**Your instructions**
At the line with "7.2 s after image 1.", start transcribing; stop after the last line of the data below. Keep it exact and leave pictures out.

**Records contained in a dataset**
---+---

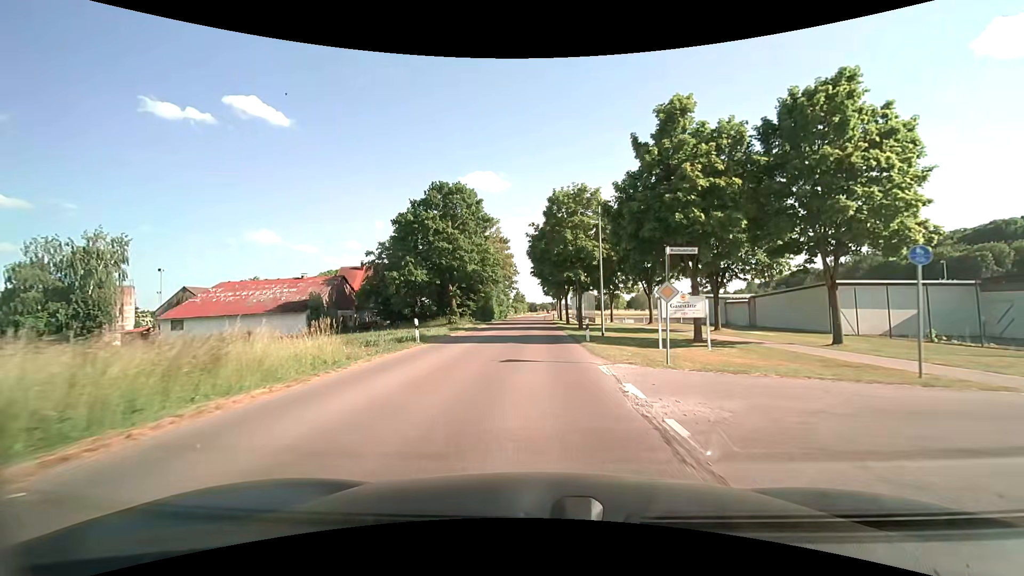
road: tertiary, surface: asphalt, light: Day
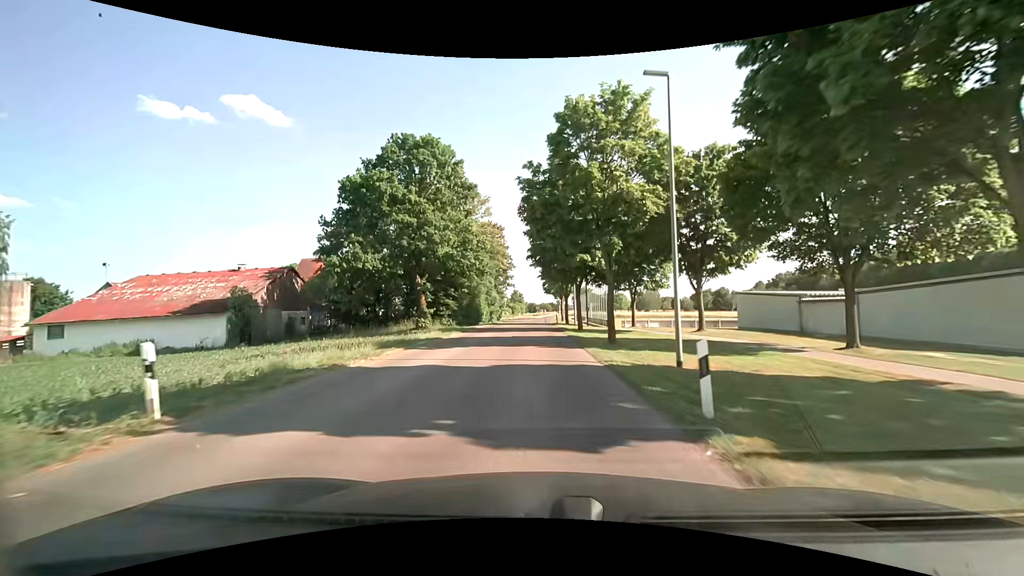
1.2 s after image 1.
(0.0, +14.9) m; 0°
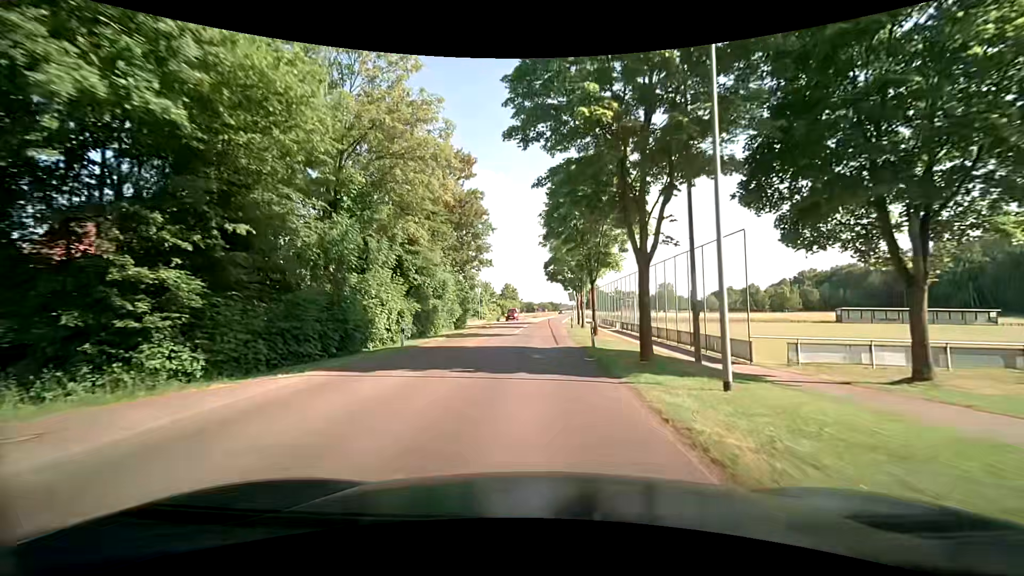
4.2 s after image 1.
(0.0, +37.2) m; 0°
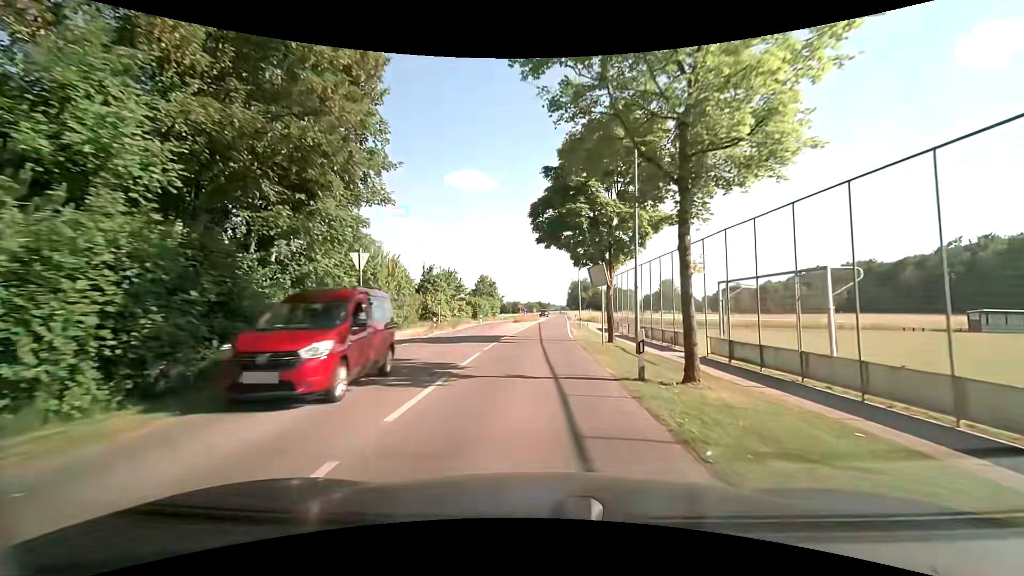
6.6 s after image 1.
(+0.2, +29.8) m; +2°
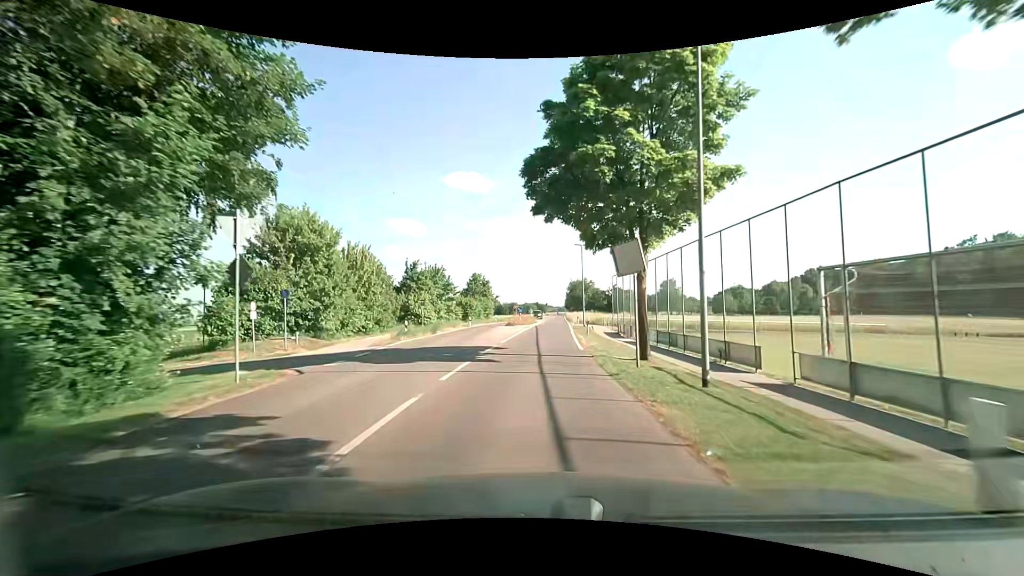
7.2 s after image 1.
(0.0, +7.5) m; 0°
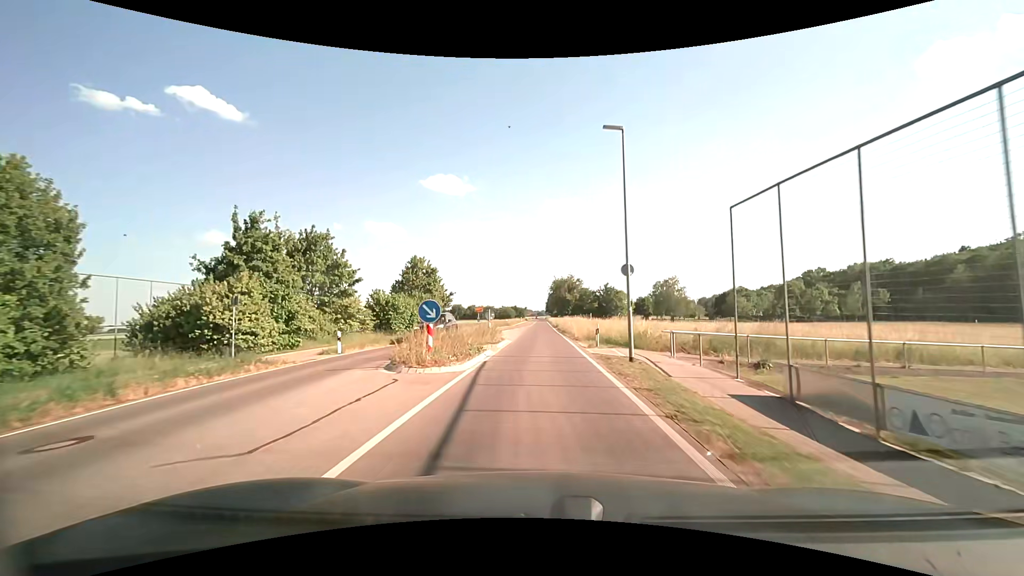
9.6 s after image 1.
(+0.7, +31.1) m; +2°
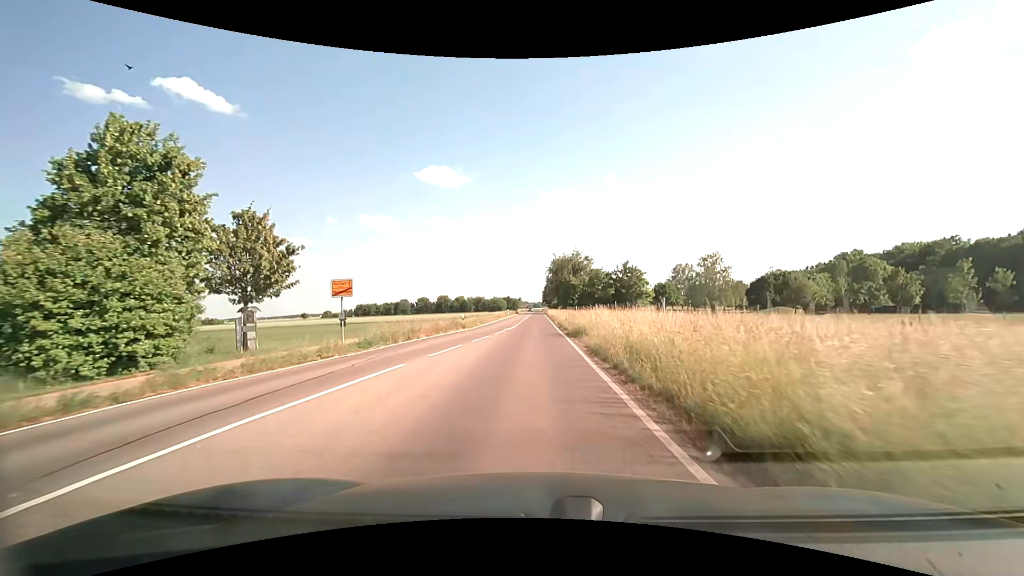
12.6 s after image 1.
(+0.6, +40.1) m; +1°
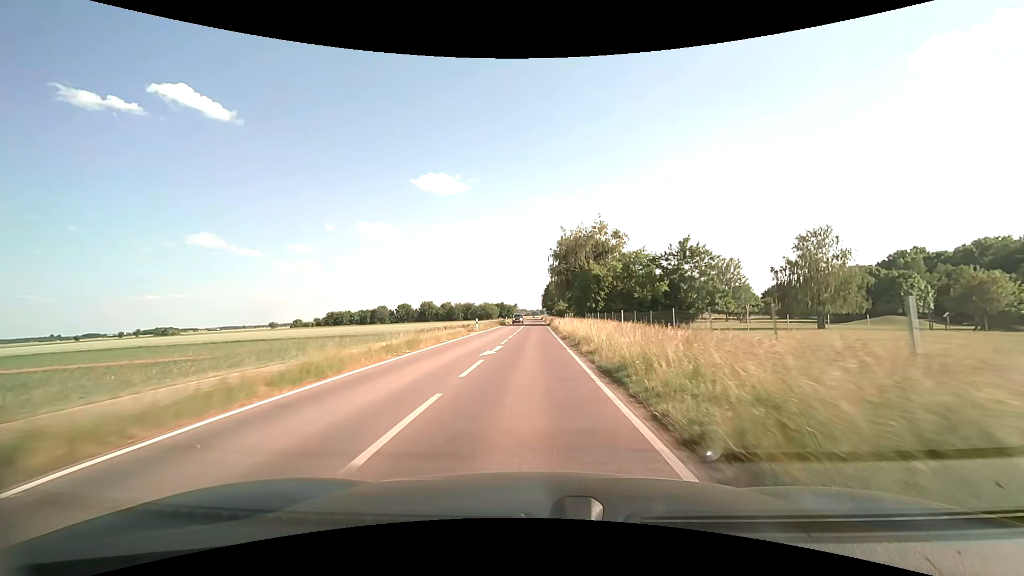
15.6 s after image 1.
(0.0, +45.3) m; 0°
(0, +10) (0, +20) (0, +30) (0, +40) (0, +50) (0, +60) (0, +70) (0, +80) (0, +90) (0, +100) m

---+---

**Answer section**
7.2 s after image 1.
(0.0, +7.5) m; 0°
9.6 s after image 1.
(+0.7, +31.1) m; +2°
12.6 s after image 1.
(+0.6, +40.1) m; +1°
15.6 s after image 1.
(0.0, +45.3) m; 0°
(0, +10) (0, +20) (0, +30) (0, +40) (0, +50) (0, +60) (0, +70) (0, +80) (0, +90) (0, +100) m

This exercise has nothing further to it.